Additional identifiers

EudraCT number

ClinicalTrials.gov number

Protocol/serial number

N/A

Study information

Scientific title

Effect of music combined touch therapy on pain response and level of beta-endorphine and cortisol in late preterm infants

Acronym

Study hypothesis

The combined music and touch intervention might decrease the pain response of preterm neonates.

Ethics approval

Nanjing Children’s Hospital Affiliated to Nanjing Medical University Ethics Committee, 31/05/2011, ref: #201601035-1.1

Study design

Single-centre randomised controlled trial

Primary study design

Interventional

Secondary study design

Randomised controlled trial

Trial setting

Hospitals

Trial type

Treatment

Patient information sheet

Not available in web format, please use the contact details below to request a patient information sheet

Condition

Cortisol and β-endorphin levels in pre-term infants

Intervention

After consent is obtained from parents, infants are randomly assigned to either the experimental or control group using a random numbers table. Participants in both groups undergo a range of painful procedures during their standard medical care in the NICU.

Control group: Infants receive daily painful procedures without intervention

Experimental group: Infants receive painful procedures as well as the combined music and touch intervention (CMT). A CD player (Philips AZ-1103) is used for the music intervention. Audio stimulation is provided by “Smart Baby Lullaby” compact discs. The music includes lullabies and nursery rhymes, which are musically simple songs with lower pitch and slower tempo. The disc player is placed approximately 15-20 cm above the infants’ heads, allowing for continuous play of the music from 5 minutes before the experimental procedure until 30 minutes after the procedure. The touch intervention protocol (Gentle Human Touch, GHT), starts from the beginning of procedures until 10 min after the procedure. It involves the assistant gently placing her left hand on the infant’s head with the fingertips resting immediately above the eyebrow line and the palm touching the infant’s crown. The right hand is then placed with the right thumb on the infant’s right shoulder (at midline position) with the rest of her hand and fingers on the infant’s arm above the elbow. These procedures are repeated for every painful procedure during the two weeks data collection period.

Intervention type

Behavioural

Phase

Drug names

Primary outcome measures

Pain is measured using the premature infants’ pain profile (PIPP) at baseline and 2 weeks.
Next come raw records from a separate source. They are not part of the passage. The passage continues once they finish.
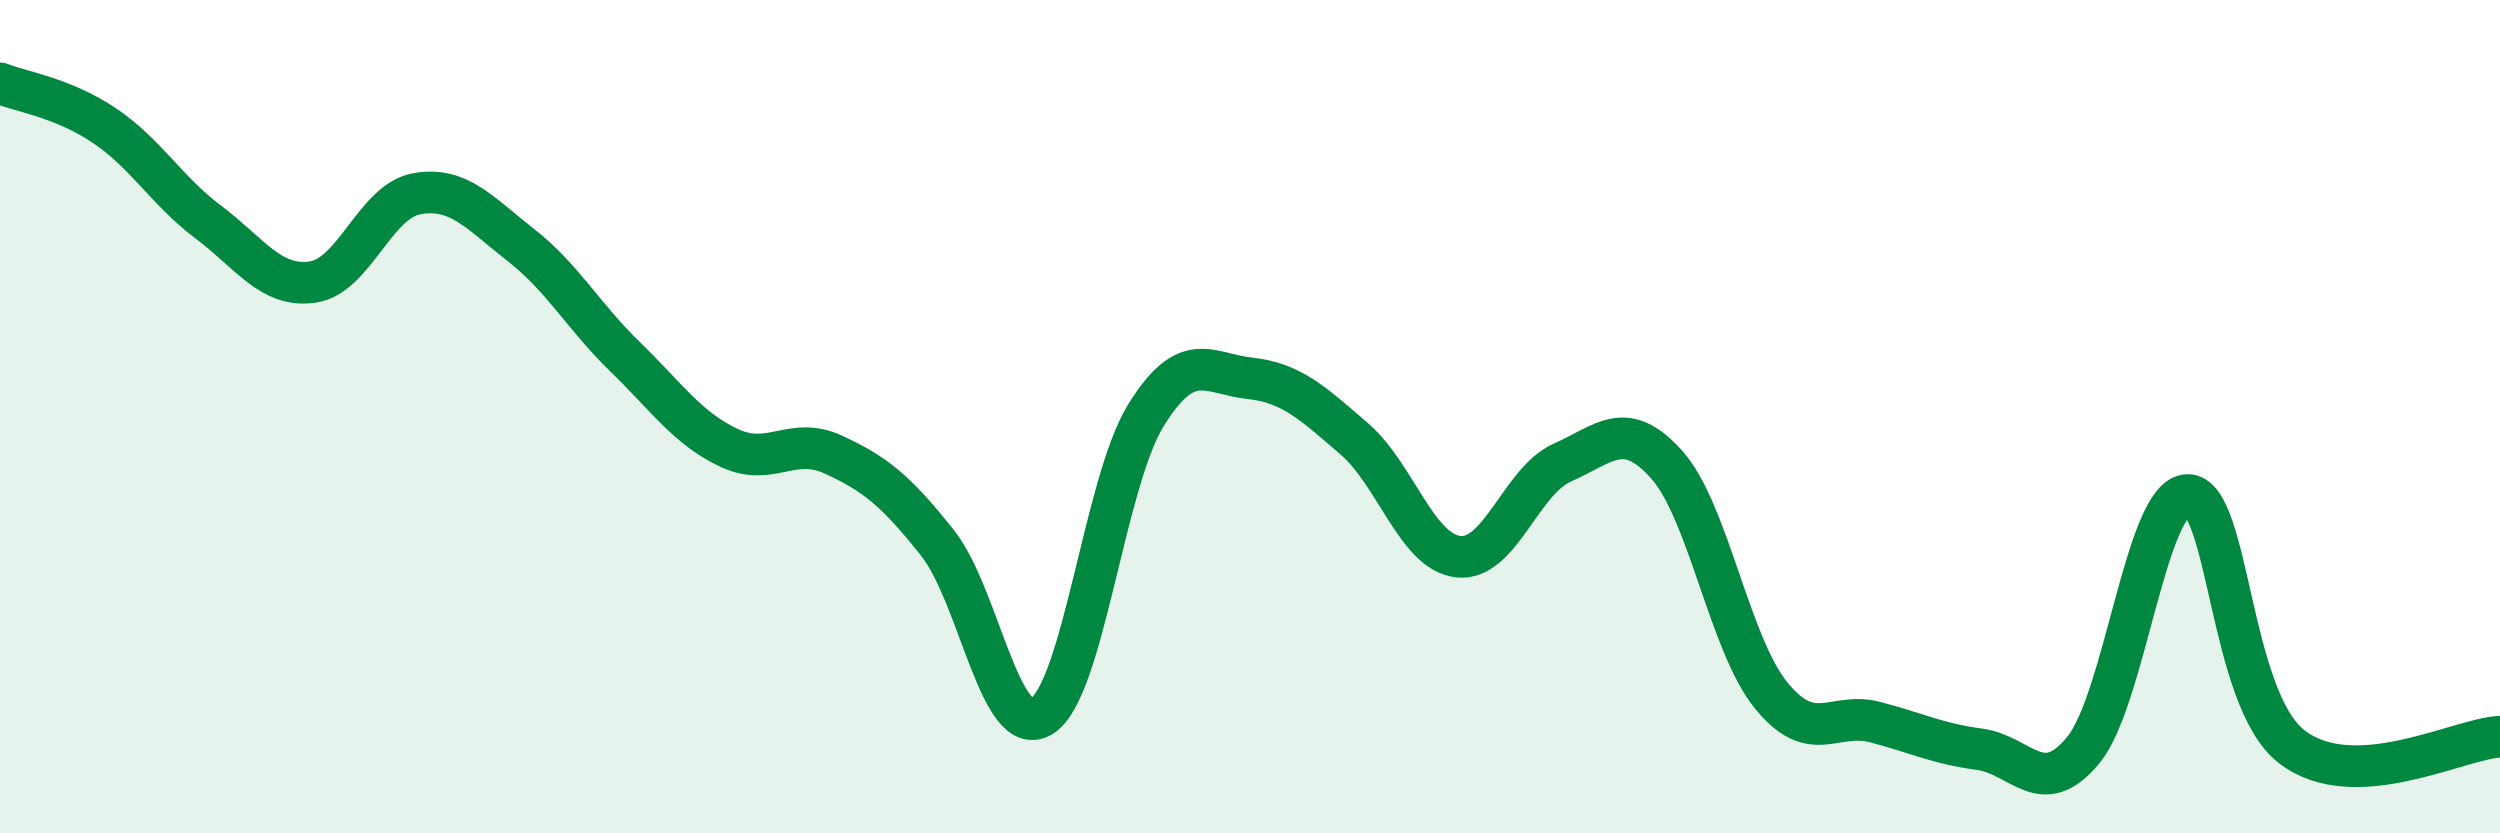 
    <svg width="60" height="20" viewBox="0 0 60 20" xmlns="http://www.w3.org/2000/svg">
      <path
        d="M 0,2 C 0.5,2.2 1.5,2.34 2.5,3.01 C 3.5,3.68 4,4.58 5,5.33 C 6,6.08 6.5,6.91 7.5,6.77 C 8.5,6.63 9,4.83 10,4.65 C 11,4.47 11.5,5.1 12.5,5.88 C 13.5,6.66 14,7.59 15,8.56 C 16,9.53 16.5,10.28 17.5,10.75 C 18.5,11.22 19,10.45 20,10.91 C 21,11.37 21.5,11.77 22.5,13.03 C 23.5,14.29 24,17.8 25,17.19 C 26,16.58 26.5,11.59 27.5,9.97 C 28.5,8.35 29,8.97 30,9.08 C 31,9.19 31.5,9.67 32.5,10.53 C 33.5,11.39 34,13.25 35,13.36 C 36,13.47 36.5,11.54 37.5,11.1 C 38.5,10.66 39,10.03 40,11.15 C 41,12.27 41.5,15.44 42.5,16.68 C 43.5,17.92 44,17.07 45,17.33 C 46,17.59 46.5,17.85 47.5,17.98 C 48.5,18.11 49,19.22 50,18 C 51,16.78 51.5,11.9 52.5,11.88 C 53.5,11.86 53.5,16.76 55,17.92 C 56.5,19.08 59,17.73 60,17.68L60 20L0 20Z"
        fill="#008740"
        opacity="0.1"
        stroke-linecap="round"
        stroke-linejoin="round"
      />
      <path
        d="M 0,2 C 0.5,2.2 1.5,2.34 2.5,3.01 C 3.5,3.68 4,4.58 5,5.33 C 6,6.08 6.5,6.91 7.5,6.77 C 8.5,6.63 9,4.83 10,4.65 C 11,4.47 11.5,5.1 12.5,5.88 C 13.5,6.66 14,7.59 15,8.56 C 16,9.53 16.5,10.28 17.5,10.75 C 18.5,11.22 19,10.45 20,10.91 C 21,11.37 21.5,11.77 22.5,13.03 C 23.5,14.29 24,17.8 25,17.19 C 26,16.58 26.5,11.59 27.5,9.97 C 28.5,8.35 29,8.97 30,9.08 C 31,9.19 31.5,9.67 32.5,10.53 C 33.5,11.39 34,13.25 35,13.36 C 36,13.47 36.5,11.54 37.5,11.1 C 38.5,10.66 39,10.03 40,11.15 C 41,12.27 41.5,15.44 42.5,16.68 C 43.5,17.92 44,17.07 45,17.33 C 46,17.59 46.5,17.85 47.5,17.98 C 48.5,18.11 49,19.22 50,18 C 51,16.78 51.5,11.9 52.5,11.88 C 53.5,11.86 53.5,16.76 55,17.92 C 56.5,19.08 59,17.73 60,17.68"
        stroke="#008740"
        stroke-width="1"
        fill="none"
        stroke-linecap="round"
        stroke-linejoin="round"
      />
    </svg>

Secondary outcome measures

1. Cortisol levels are measured using blood testing at baseline and 2 weeks
2. Beta-endorphin levels are measured using blood testing at baseline and 2 weeks

Overall trial start date

01/01/2011

Overall trial end date

31/12/2012

Reason abandoned

Eligibility

Participant inclusion criteria

1. Admitted within 72 hours after birth
2. Gestational age is less than 37 weeks

Participant type

Patient

Age group

Neonate

Gender

Both

Target number of participants

30 infants each group

Participant exclusion criteria

1. Serious birth injuries
2. Serious malformations (especially in oral cavity or external ear deformity)
3. Significant parenchyma brain injury (IVH grade IV, or PVL)
4. Had received analgesics or sedatives within 72 h of the assessment
5. Failed hearing screening.

Recruitment start date

01/06/2011

Recruitment end date

31/03/2012

Locations

Countries of recruitment

China

Trial participating centre

Nanjing Children’s Hospital Affiliated to Nanjing Medical University
72 Guangzhou Road
Nanjing
210008
China

Sponsor information

Organisation

Nanjing Children’s Hospital Affiliated to Nanjing Medical University

Sponsor details

72 Guangzhou Road
Nanjing
210008
China

Sponsor type

Hospital/treatment centre

Website

Funders

Funder type

Government

Funder name

Nanjing Health Bureau

Alternative name(s)

Funding Body Type

Funding Body Subtype

Location

Results and Publications

Publication and dissemination plan

Planned publication in the journal BMC Pediatrics.

Intention to publish date

31/12/2016

Participant level data

To be made available at a later date

Results - basic reporting

See additional file ISRCTN14131492_BasicResults_29Jul16

Publication summary

Publication citations

Additional files

Editorial Notes

01/08/2016: Basic results summary uploaded.